Валентина Петровна правой рукой изобразила какой-то нервный тик и молча вышла из комнаты. Яна закатила глаза, понимая, чем все это грозит.

– Мама! Ну, постой! Куда ты?

Она поволоклась за матерью в кухню, где и нашла ее, тихую, сгорбленную, маленькую, протирающую марлей, смоченной водой и, явно, своими горькими слезами, жирные колючие листья алоэ. Периодически она морщилась от уколов растения, но продолжала мучиться.

– Мама, прекрати!

– Ты не любишь меня.

– Люблю.

– Я многого тебе недодала.

– Ты дала даже больше, чем мне надо было.

– Издеваешься? – хмыкнула Валентина Петровна.

– Немного… Я понимаю, что это такое – уйти с роли в театре, уйти совсем. Извини, я понимаю.

– Правда? – обрадовалась Валентина Петровна. – У меня есть шанс стать хорошей бабушкой?

– Скорее, бабушкой-праздником! Девочки тебя обожают. Всегда рады, – успокоила ее Яна.

– Яна, ну, у них, у Евы, есть и другая бабушка… И отец! Мотается в Москву каждые выходные, туда-сюда, словно маятник. Долго ты над мужиком издеваться будешь?

– Не знаю, мама… Перегорела как-то… Я так полюбила его, впервые захотела выйти замуж сама, по доброй воле. И, получив это предложение после рождения дочери, восприняла как то, что он делает это исключительно из-за нее, – пояснила Яна.

– Дурочка ты. Он что, до Евы тебе предложения не делал? – спросила мама, прищурив глаза.

– Делал. И не раз, вроде… – отвернулась Яна.

– Ну, так?!

– Не знаю, все время что-то мешало. Что ты, не помнишь, что ли? Наши с ним отношения кого хочешь сломают. А я тебе что? Железная?

– Ты разлюбила Мартина? – Валентина Петровна мгновенно поменяла образ сломленной и обиженной женщины на женщину непонимающую и возмущающуюся совершенно искренне.

– Нет, конечно!

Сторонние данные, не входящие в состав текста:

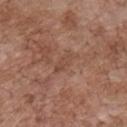Assessment: This lesion was catalogued during total-body skin photography and was not selected for biopsy. Clinical summary: On the chest. The patient is a male roughly 70 years of age. A lesion tile, about 15 mm wide, cut from a 3D total-body photograph. The lesion's longest dimension is about 3 mm. An algorithmic analysis of the crop reported an area of roughly 3 mm², a shape eccentricity near 0.9, and a shape-asymmetry score of about 0.3 (0 = symmetric). The analysis additionally found a mean CIELAB color near L≈47 a*≈21 b*≈28, a lesion–skin lightness drop of about 6, and a lesion-to-skin contrast of about 5 (normalized; higher = more distinct). And it measured border irregularity of about 3.5 on a 0–10 scale, internal color variation of about 0 on a 0–10 scale, and radial color variation of about 0. The software also gave an automated nevus-likeness rating near 0 out of 100. Imaged with white-light lighting.

Я – счастливый человек, я нашла свою половинку. Я всегда буду любить его, – ответила Яна.

– Ну, так… Мартин только рад будет Еве.

– Мама! Он рад будет и Насте! Он не разделяет девочек. Сестры – значит, сестры. Это человек широкой души и большого сердца. Он никогда даже мне не говорил о том, что против удочерения или еще чего-то. Это было мое решение и его полное принятие.

– А ведь девочки даже не сестры, – задумалась Валентина Петровна. – Родители Насти – твой бывший любовник Карл и не очень хорошая женщина, а Евы – ты и Мартин…

– Только им не надо об этом говорить. Когда я жила с Карлом, Настя так сильно привязалась ко мне, что иначе как мама меня и не называла. И когда Карл погиб, я что должна была сделать? Бросить ее? Да я относилась к ней как к дочери. Она единственной моей отдушиной была в том замке, – ответила Яна, опуская тот момент, который Валентина Петровна и так знала.

Карл Штольберг в борьбе за Яну применил не очень честный прием, и она была вынуждена находиться с ним рядом.

– Я-то не против. Настя – очень милый ребенок, и я вижу, что ты любишь ее…

– И семья Мартина, а это он и его мама, подруга твоя Стефания Сергеевна, тоже это понимают и очень любят Настю. Хорошо, я попрошу Мартина и Стефанию посидеть с девочками пару недель. А что я им скажу? Где я буду это время?

– Стефания так рада будет общению с внучкой, что никаких лишних вопросов тебе не задаст. Чем на дольше ей оставишь, тем лучше.

– Она-то да, а вот Мартин, с его ревностью, вполне может поинтересоваться.

– Скажешь, что легла на пластическую операцию, – предложила Валентина Петровна.

– Не поверит, он знает, как я к этому отношусь. Или отговаривать начнет.

– Скажи, что летишь на какой-нибудь стоматологический симпозиум.

– Тоже особо не летала. У меня врачи все опытные, все с сертификатами, заботятся о повышении своей квалификации, а я давно не стою, если так можно выразиться, у станка. Чего мне вдруг куда-то лететь?